Ample liquidity and the government's announcement that it would take further steps to ease border tensions saw prices of government securities firm up by 25-40 paise across maturities on Monday. Another two consecutive trading sessions saw gilt prices move up on improved market sentiments. However, this brief rally came to a halt over concerns about quarterly tax outflows, estimated at Rs 4,500 crore, scheduled for next week. To add to woes, RBI governor Bimal Jalan announced in a press conference that an OMO could be conducted if the need arose. The result: investors booked profits and, hence, the prices dipped.

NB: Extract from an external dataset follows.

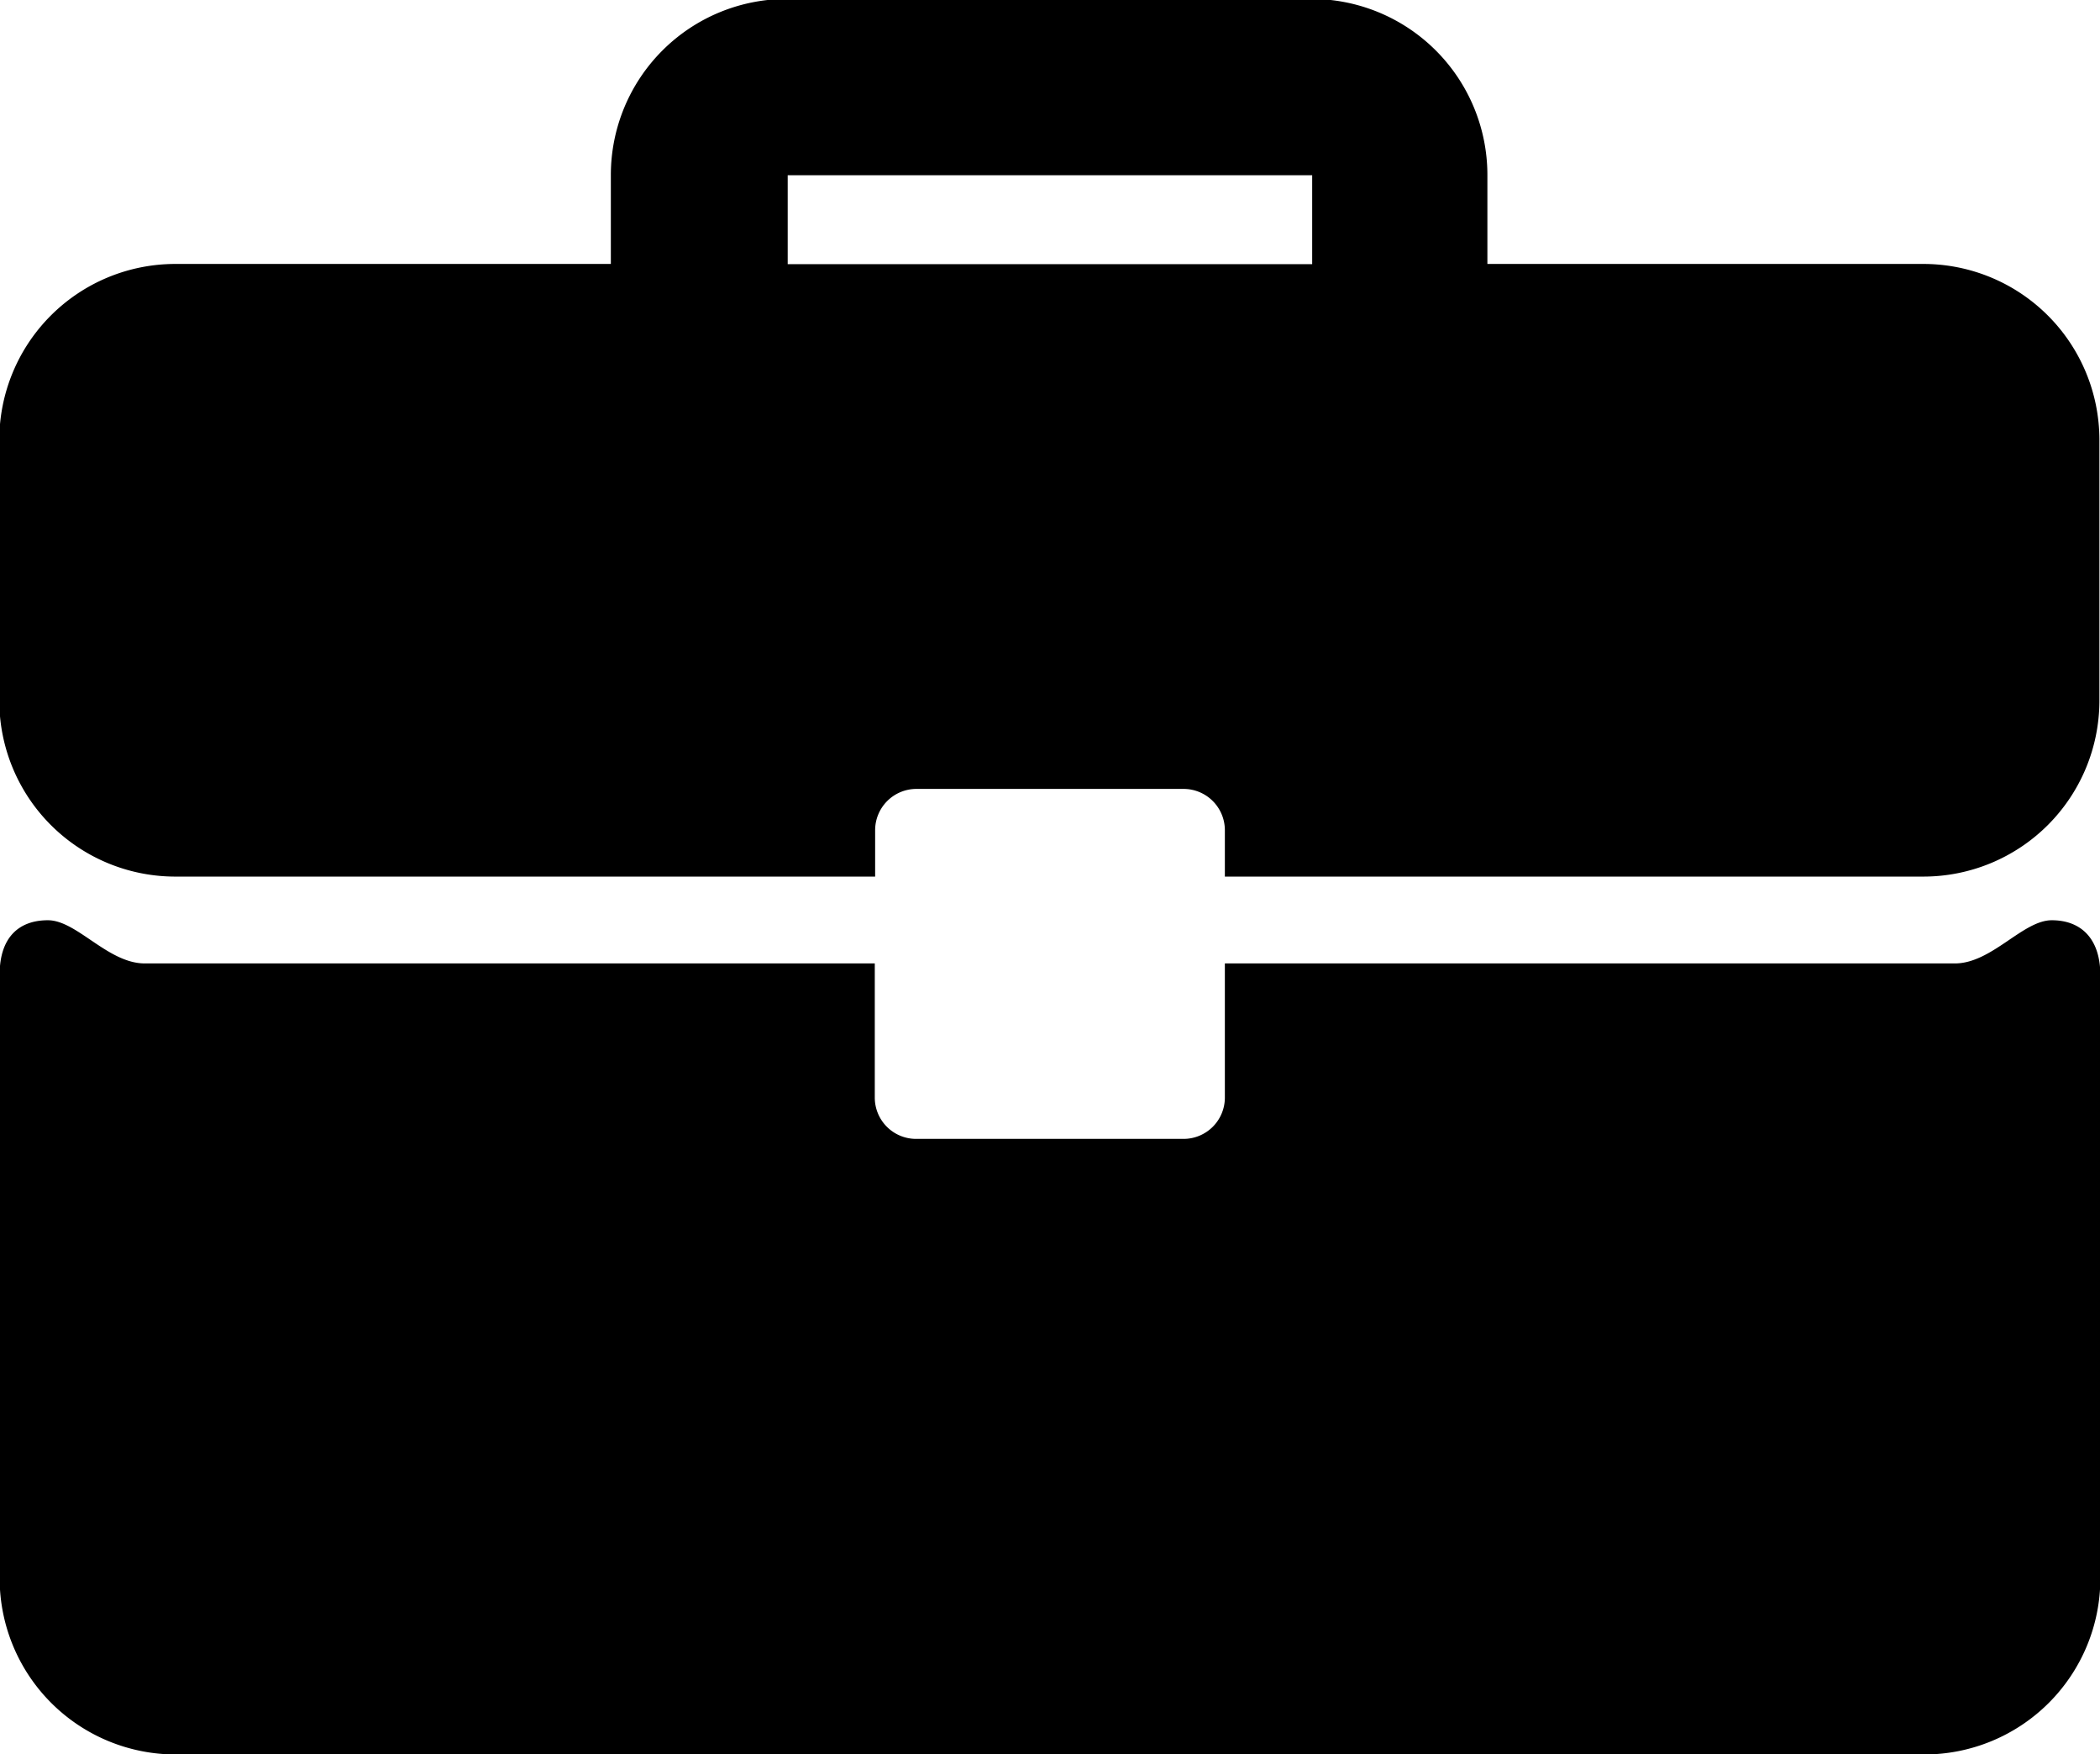 <svg xmlns="http://www.w3.org/2000/svg" width="17.894" height="14.948"><g id="briefcase" transform="translate(-371.794 -825.431)"><path id="パス_950" data-name="パス 950" d="M373.431 832.9h5.952v-.395a.352.352 0 01.352-.352h2.276a.352.352 0 01.352.352v.395h5.952a1.5 1.5 0 001.5-1.5v-2.22a1.5 1.5 0 00-1.5-1.5H384.6v-.758a1.5 1.5 0 00-1.5-1.5h-4.469a1.5 1.5 0 00-1.5 1.5v.758h-3.711a1.5 1.5 0 00-1.5 1.5v2.22a1.5 1.5 0 001.511 1.5zm5.207-5.976h4.469v.758h-4.469z" transform="translate(-.132)"/><path id="パス_951" data-name="パス 951" d="M389.277 1005.039c-.247 0-.511.368-.826.368h-6.22v1.143a.352.352 0 01-.352.352H379.6a.352.352 0 01-.352-.352v-1.143h-6.22c-.315 0-.579-.368-.826-.368s-.411.146-.411.462v5.146a1.5 1.5 0 001.5 1.5h14.9a1.5 1.5 0 001.5-1.5v-5.147c-.003-.315-.174-.461-.414-.461z" transform="translate(0 -171.767)"/></g></svg>

Hence, through the week, gilts settled in a narrow range, with the yield on the actively traded 11.50% GOI 2011A falling from 7.71% to 7.68%. As for the yield on the 10-year benchmark (11.03%, 2012), it fell 3 bps, from 7.81% to 7.78%.
Since bond markets were flush with funds, call rates went below the repo rate (6%) on reporting Friday. Though for most part of the week, these rates hovered in the range of 6.10-6.20%. However, on Friday call rates ended significantly lower at 4.75-5.50%, as there was not much demand from banks to meet their reserve requirements on the reporting day. This was on account of preponement of the CRR cut. During the week, the apex bank accepted repo bids worth Rs 28,310 crore at a cut-off of 6%.
As for the rupee, it ended the week at Rs 49/$. Overall, the currency gained 1 paisa this week. With receding war fears, the rupee firmed up to Rs 48.99 to the dollar on Monday. However, dollar demand from importers saw the rupee slide to Rs 49 towards the close of the week.
On the economy front, the Index of Industrial Production (IIP) posted a 2.9% growth in April, up marginally against the 2.6% growth registered over the corresponding month last year. While manufacturing continued to lag behind, electricity and mining clocked substantial growth, up 4.9% and 4.6%, respectively. Consumer goods sector also displayed considerable improvement in its performance, posting a 4.7% growth -- almost double the growth of 2.5% registered in April last year. All this indicates that an industrial turnaround may well be under way.
With war clouds disappearing, bonds could be in for a brief rally. Governor Jalan reiterated this week that softer interest rate bias would continue. In fact, he did not rule out a bank rate cut in the event of a change in current liquidity conditions. But in view of high liquidity in the system, the overhang of an OMO prevails. This will hold bond prices.